Pemasangannya dimaksudkan hanya sebatas untuk membedakan apakah seseorang terserang gejala demam atau tidak. Tidak mampu lebih dari itu. Juga belum tentu yang demam itu kena Corona. Bisa saja yang bersangkutan sedang meninggi suhu tubuhnya akibat terserang flu biasa.
Infeksi SARS CoV-2 penyebab wabah Corona tidak selalu menimbulkan gejala demam pada korbannya. Jika kondisi kekebalan tubuh baik maka perubahan suhu tubuh tidak akan terjadi.
Hal inilah yang menjelaskan mengapa bisa muncul imported case --kasus Corona dari luar negeri-- padahal bandara dan pelabuhan sudah disaring thermal scanner.
Lalu bagaimana sebaiknya istana melakukan antisipasi penularan di lingkaran elit pemerintahan?

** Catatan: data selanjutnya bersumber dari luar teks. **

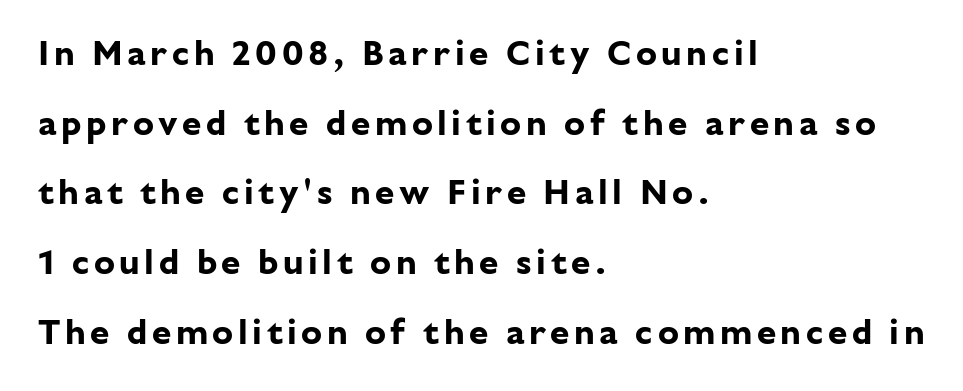
The image shows 35 px bold sans-serif type, upright; set left-aligned, loose line spacing (1.99x), not underlined; low stroke contrast and a medium x-height.
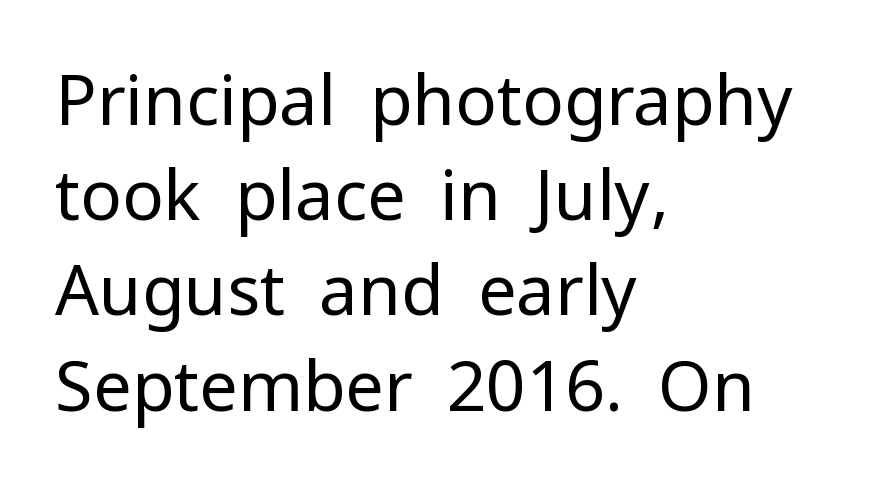
This sample uses plain, unmodified letter spacing. Ordinary non-slanted type is in use. Each stroke keeps to a modest, everyday thickness or less. Each new line begins a customary step beneath the previous one. Nobody drew a line under any word here.
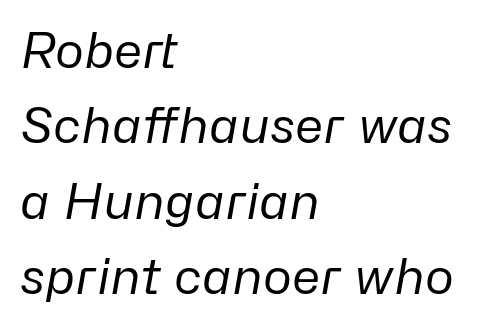
Character widths vary here, with narrow letters taking less room than wide ones. Here the glyphs are tracked normally, forming tight word shapes. Lines of text with bare space underneath. On a weight scale, this lands at 450 or below.
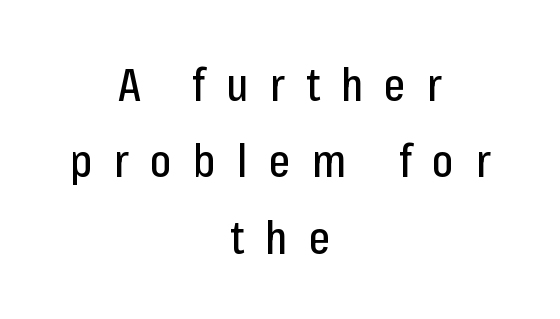
Q: Is the text italic (slanted)? A: No, it is upright.
Q: Is the typeface a serif or a sans-serif typeface? A: Sans-serif.
Q: Is the text underlined? A: No.
Q: How is the paragraph aligned? A: Centered.
Q: Is the spacing between letters normal or unusually wide? A: Unusually wide.
Q: Is the spacing between lines tight, normal or loose? A: Normal.
Q: Width (condensed, normal, or wide)? A: Condensed.
Q: Stroke contrast? A: Low.
Q: x-height? A: Medium.
Q: Monospaced? A: No.
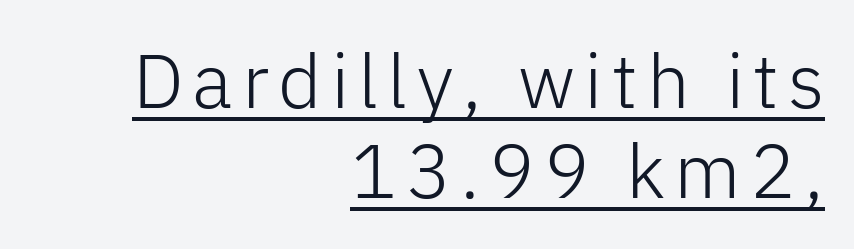
Q: Is the text bold? A: No.
Q: Is the text italic (slanted)? A: No, it is upright.
Q: Is the typeface a serif or a sans-serif typeface? A: Sans-serif.
Q: Is the text underlined? A: Yes.
Q: How is the paragraph aligned? A: Right-aligned.
Q: Width (condensed, normal, or wide)? A: Normal.
Q: Stroke contrast? A: Low.
Q: x-height? A: Medium.
Q: Monospaced? A: No.
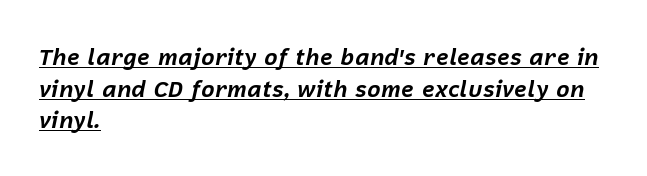
In terms of leading, this rendering sits right in the middle. It's the slanting kind of type. Weight: bold. You can see a thin bar hugging the bottom of the glyphs.
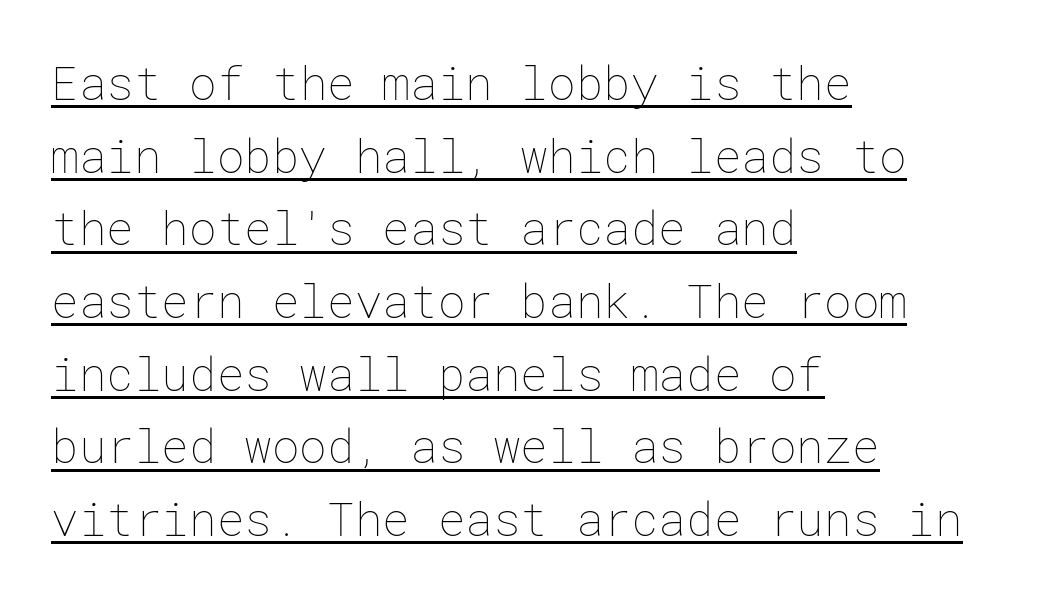
Q: Is the text bold? A: No.
Q: Is the text italic (slanted)? A: No, it is upright.
Q: Is the text underlined? A: Yes.
Q: How is the paragraph aligned? A: Left-aligned.
Q: Is the spacing between letters normal or unusually wide? A: Normal.
Q: Is the spacing between lines tight, normal or loose? A: Normal.
Q: Width (condensed, normal, or wide)? A: Normal.
Q: Stroke contrast? A: Low.
Q: x-height? A: Medium.
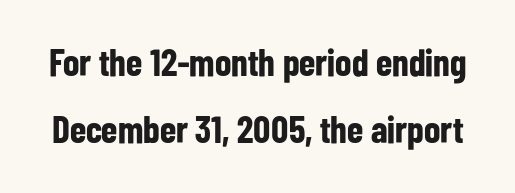
The image shows 38 px bold, condensed sans-serif type, upright; set line spacing 1.77x, normal letter spacing, not underlined; low stroke contrast and a medium x-height.
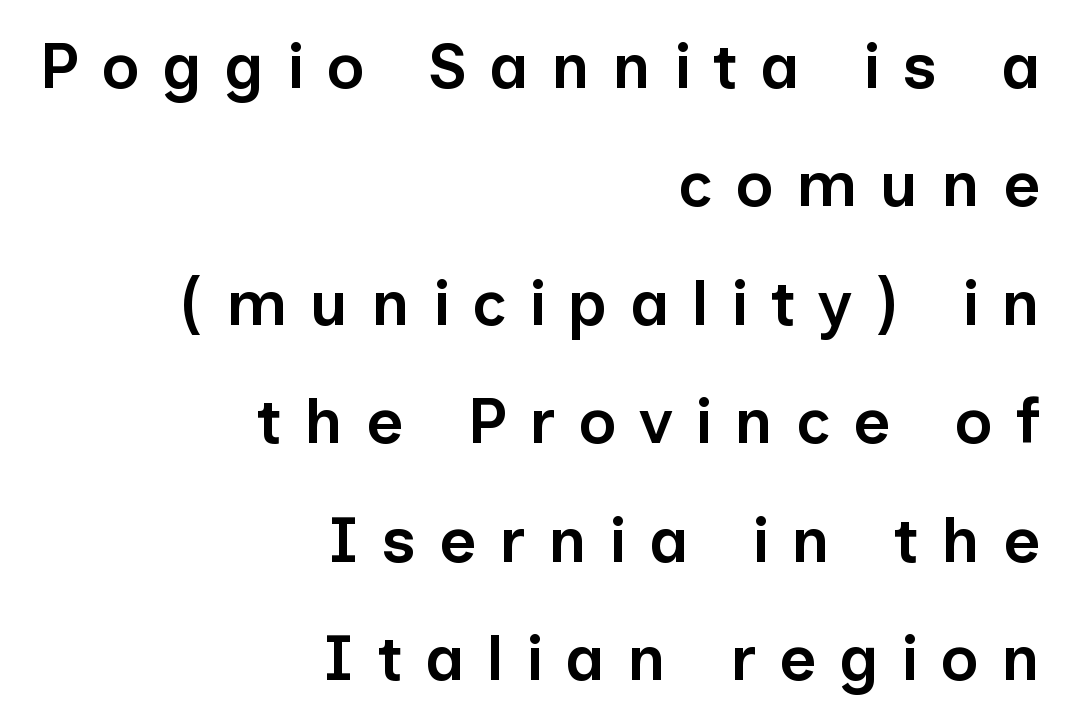
These lines are set flush right with a ragged left edge. A somewhat darkened texture: the type is semibold rather than bold. Each letter keeps its own natural width here, so spacing adapts to shape. Typographically, this falls in the sans-serif category.
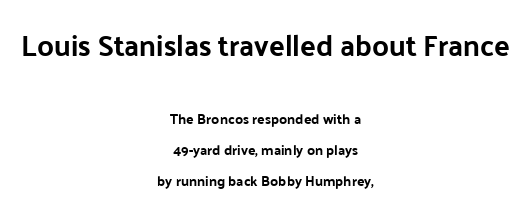
The image shows 29 px sans-serif type, upright; set centered, loose line spacing (2.23x), normal letter spacing, not underlined; the first (top) block is 2.07x larger; low stroke contrast and a medium x-height.
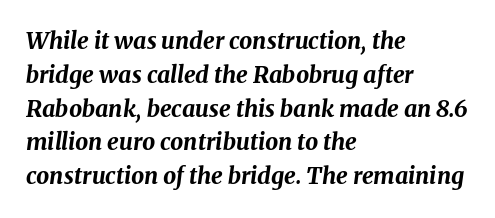
The image shows 23 px bold type, italic (leaning right); set left-aligned, normal line spacing (1.47x), normal letter spacing, not underlined.
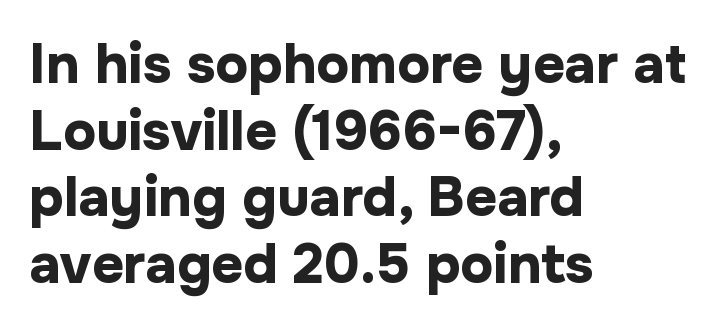
The image shows 55 px bold sans-serif type, upright; set left-aligned, line spacing 1.21x, normal letter spacing, not underlined; low stroke contrast and a medium x-height.
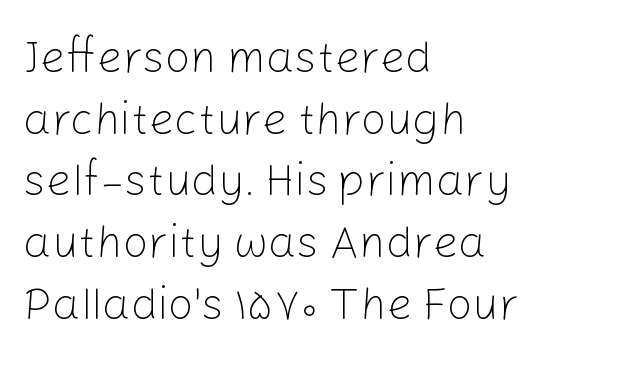
Q: Is the text bold? A: No.
Q: Is the text italic (slanted)? A: No, it is upright.
Q: Is the typeface a serif or a sans-serif typeface? A: Sans-serif.
Q: Is the text underlined? A: No.
Q: How is the paragraph aligned? A: Left-aligned.
Q: Is the spacing between letters normal or unusually wide? A: Normal.
Q: Is the spacing between lines tight, normal or loose? A: Normal.
Q: Width (condensed, normal, or wide)? A: Normal.
Q: Stroke contrast? A: Low.
Q: x-height? A: Medium.
Q: Monospaced? A: No.
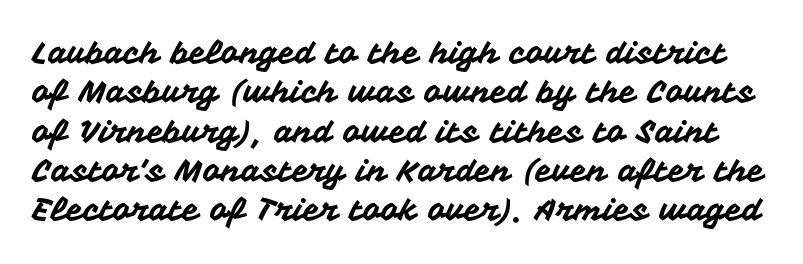
Q: Is the text italic (slanted)? A: Yes.
Q: Is the typeface a serif or a sans-serif typeface? A: Sans-serif.
Q: Is the text underlined? A: No.
Q: Is the spacing between letters normal or unusually wide? A: Normal.
Q: Is the spacing between lines tight, normal or loose? A: Normal.
Q: Width (condensed, normal, or wide)? A: Normal.
Q: Stroke contrast? A: Medium.
Q: x-height? A: Medium.
Q: Monospaced? A: No.
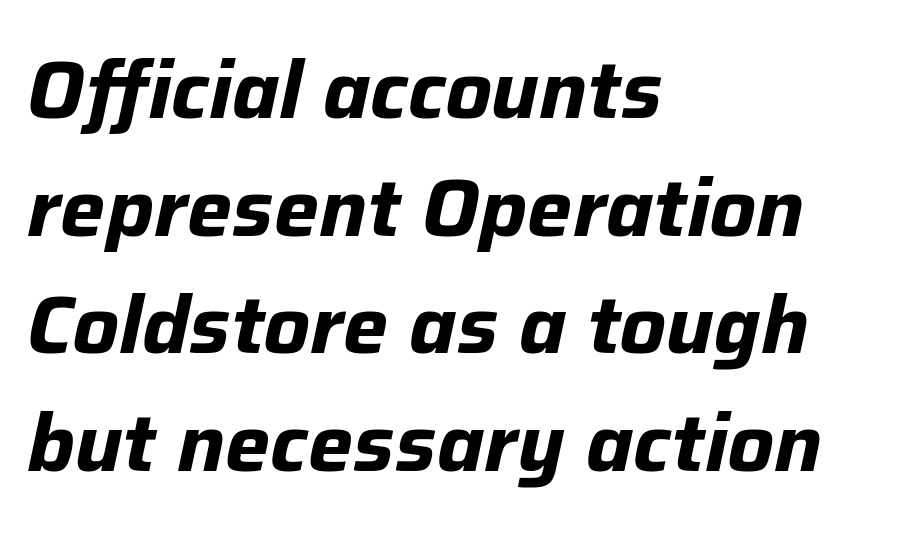
{"italic": "yes", "lean": "right", "slant_degrees": 12, "bold": "yes", "weight": "bold", "width": "normal", "stroke_contrast": "low", "x_height": "medium", "monospaced": "no", "underline": "no", "align": "left", "line_spacing": "normal", "line_spacing_ratio": 1.47, "letter_spacing": "normal", "letter_spacing_em": 0.0, "glyph_px": 80}
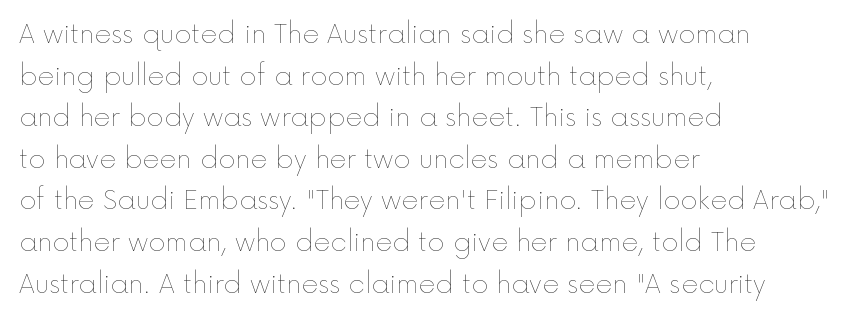
{"italic": "no", "bold": "no", "underline": "no", "align": "left", "line_spacing": "normal", "line_spacing_ratio": 1.6, "letter_spacing": "normal", "letter_spacing_em": 0.0, "glyph_px": 26}

Dalam 14 hari terakhir Menhub Budi bertemu Jokowi 2x, Ma'ruf Amin 1x, lalu berinteraksi dengan sejumlah menteri. Termasuk menghadiri rapat terbatas di istana (batam.tribunnews.com, 15/3/2020).
Tes yang dilakukan semisal uji sputum, bronchoalveolar lavage/ uji BAL, atau PCR/ polymerase chain reaction.Â
Tetapi tes semacam itu pun bisa saja keliru, tidak sungguh-sungguh 100%. Maka untuk mengatasinya, prosedur pengulangan mutlak diperlukan. Kasus salah uji pernah menjadi bahan pertengkaran antara Kamboja dan Malaysia (disway.id, 24/2/2020).
Di depan Corona kita semua sama, persona non grata.
Karena pejabat negara itu mobilitasnya tinggi, maka secara logika probabilitasnya juga besar untuk bertemu banyak orang; sesama pejabat atau rakyat biasa. Mereka bisa menjadi korban, tapi juga dapat berperan sebagai "pelaku" penyebaran.
Oleh karena itu tes Corona perlu dilakukan berkala di istana setelah muncul kasus nomor 76. Agar deteksi bisa dilakukan sedini mungkin.